Where are we with the Carmat prototype after the half-fig, half-grape assessments of the first two locations? The third patient implanted on April 8 doing well? While few details have filtered so far on the experiments with artificial heart prosthesis, Professors Carpentier, Latrémouille and Duveau provide some answers in an article published in The Lancet.
In this publication in the form of a report, renowned cardiologists, stakeholders in the project, say more about the circumstances of the deaths of the first two patients, which occurred 74 and 270 days after the operation.
The first prosthesis had been implanted on a 76-year-old patient, but the latter had died 74 days after the transplant, at the Georges Pompidou European Hospital following the accidental shutdown of the machine. The second patient, implanted in August 2014, had managed to live with the Carmat heart until May 2015, before succumbing to the Nantes University Hospital after being hospitalized for circulatory failure. The reasons for his death had remained unclear until now.
In the Lancet article, cardiac surgeons explain that the two deaths were caused by electronic component failures (and not mechanical failures of bio-prostheses). Dysfunctions that were identified and subsequently corrected, points out the publication, taken up by AFP.
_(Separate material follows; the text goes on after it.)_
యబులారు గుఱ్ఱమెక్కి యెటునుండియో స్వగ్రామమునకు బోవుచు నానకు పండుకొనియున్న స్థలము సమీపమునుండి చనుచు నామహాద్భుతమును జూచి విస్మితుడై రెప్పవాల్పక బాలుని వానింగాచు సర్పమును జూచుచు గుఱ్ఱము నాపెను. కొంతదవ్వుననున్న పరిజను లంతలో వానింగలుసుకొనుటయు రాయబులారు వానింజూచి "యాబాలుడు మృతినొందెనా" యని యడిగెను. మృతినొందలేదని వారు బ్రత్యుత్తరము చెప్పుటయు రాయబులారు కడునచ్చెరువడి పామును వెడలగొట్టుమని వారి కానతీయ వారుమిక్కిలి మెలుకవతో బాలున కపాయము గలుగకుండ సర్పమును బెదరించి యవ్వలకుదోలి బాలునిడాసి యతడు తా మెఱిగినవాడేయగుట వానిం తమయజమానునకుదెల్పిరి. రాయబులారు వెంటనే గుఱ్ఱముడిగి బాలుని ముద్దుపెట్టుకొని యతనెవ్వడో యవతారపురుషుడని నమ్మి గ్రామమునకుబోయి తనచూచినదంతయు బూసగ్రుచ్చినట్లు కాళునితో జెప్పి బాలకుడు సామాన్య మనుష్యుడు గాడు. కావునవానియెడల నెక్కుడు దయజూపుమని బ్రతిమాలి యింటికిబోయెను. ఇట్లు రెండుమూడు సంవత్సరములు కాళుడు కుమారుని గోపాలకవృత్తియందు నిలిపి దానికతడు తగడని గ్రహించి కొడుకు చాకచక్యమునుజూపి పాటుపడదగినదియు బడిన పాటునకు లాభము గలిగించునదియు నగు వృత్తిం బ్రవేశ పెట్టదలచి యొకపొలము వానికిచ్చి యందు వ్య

With this information, the professors swept aside the thesis of the formation of a blood clot which could have blocked the prosthesis to the point of causing the death of the two patients.
As for the third patient, we just know that he is in rehabilitation. “He is almost out of heart failure disease,” says Christian Latrémouille to Pourquoi Doctor.
Overall, cardiologists remain very optimistic about what will happen next and do not intend to stop there. The Carmat heart could benefit 100,000 patients with end-stage heart failure if ongoing clinical trials are successful.